After her stint as the adopted staffer for Mary Jo Kilroy (whose daughter Mark informs me went to Oberlin) Jess drove my car to DC. Which means, that the sad white Saturn and I are again reunited. I'm not really one for anthropomorphizing cars. I did, when pressed, name my car. It's Norman. It's a white car, that's none too flashy and certainly servicable. Norman seemed a fitting name.

Now begins the process of registration, emissions checking, etc. Soon I'll have a car that's completely legal in the eyes of the DC government. It'll be nice. To celebrate, I'm going to drive to a frisbee tournament--just the Clique A tournament. But still, no ride requests for Aaron. I'm going to drive others (I hope). I'm excited about being able to get to Virginia and Maryland, to go hiking, to go to Ikea, to go to friends' homes. I think this first trip to a tournament is going to be great. I like to think of it as Norman's Conquest...over bothering friends for rides.

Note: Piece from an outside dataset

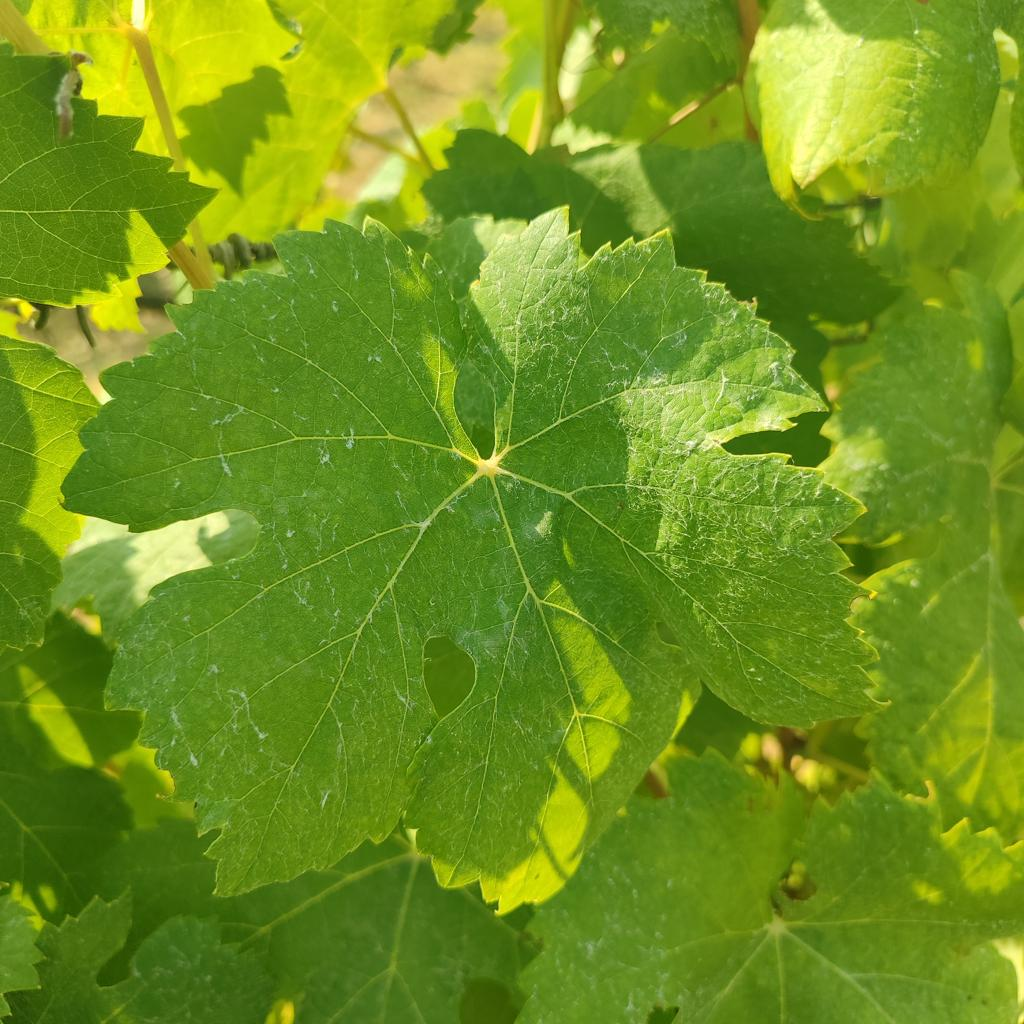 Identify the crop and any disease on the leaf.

grapevine, healthy

Wednesday, November 08, 2006

I'm in shock

I feel like I'm an example of many Democrats. I have spent part of today waiting for the other shoe to drop. Waiting for Osama to endorse Sherrod Brown, waiting for some magical horrible twist of the knife. But it's not there. Things just keep getting better. The Secretary of Defense who has so horribly managed this war, and whose myriad failures have cost thousands of American lives and hundreds of thousands of Iraqi lives, to say nothing of our status among the ethical nations of the world, he is retiring. Conrad Burns, he of the secret plan to win the war, is done. And from what I have read, after the canvass is completed the race will be certified--meaning we're likely to win in Virginia as well. So we'll have just won the House and the Senate and seen the resignation of Donald Rumsfeld. To say nothing of the many Governorships and State Houses we retook. It's a pretty amazing day. We have a chance to start changing things. A chance to really make concrete improvements in people's lives. I'm thrilled that the first piece of legislation is going to be the minimum wage. That's perfect. It's common sense, it helps those with lower incomes and will start the ball rolling. Great choice.

One final thought. I know that Rahm Emanuel is going to claim credit for all of this, or at least try to, but Howard Dean's 50 state strategy deserves a ton of credit. Dean decided, as with his presidential bid, that voters in all states were worth fighting for. This energy, this approach meant that we were poised to make gains in states where we're rarely dominant. I cannot help but think that gains in Indiana are related to a belief that it's worth it to fight everywhere. But no region better exemplifies this than the West. Idaho, Wyoming and Montana had close races at all levels. That the Republicans had to pour money into Wyoming and Idaho means that money couldn't be used to turn the tide against Tester or Allen, or against numerous House winners. Howard Dean's belief in fighting everywhere meant that when the wave hit we had people ready to ride it everywhere. His approach meant that Republicans could not take for granted previously safe seats, and while they have a lot of money, it's not infinite. Forcing the GOP to make choices with its resources meant we were able to protect our leads in key states and key races. He was right in '03. He was right in '04. He was right in '05. And boy is he ever right today.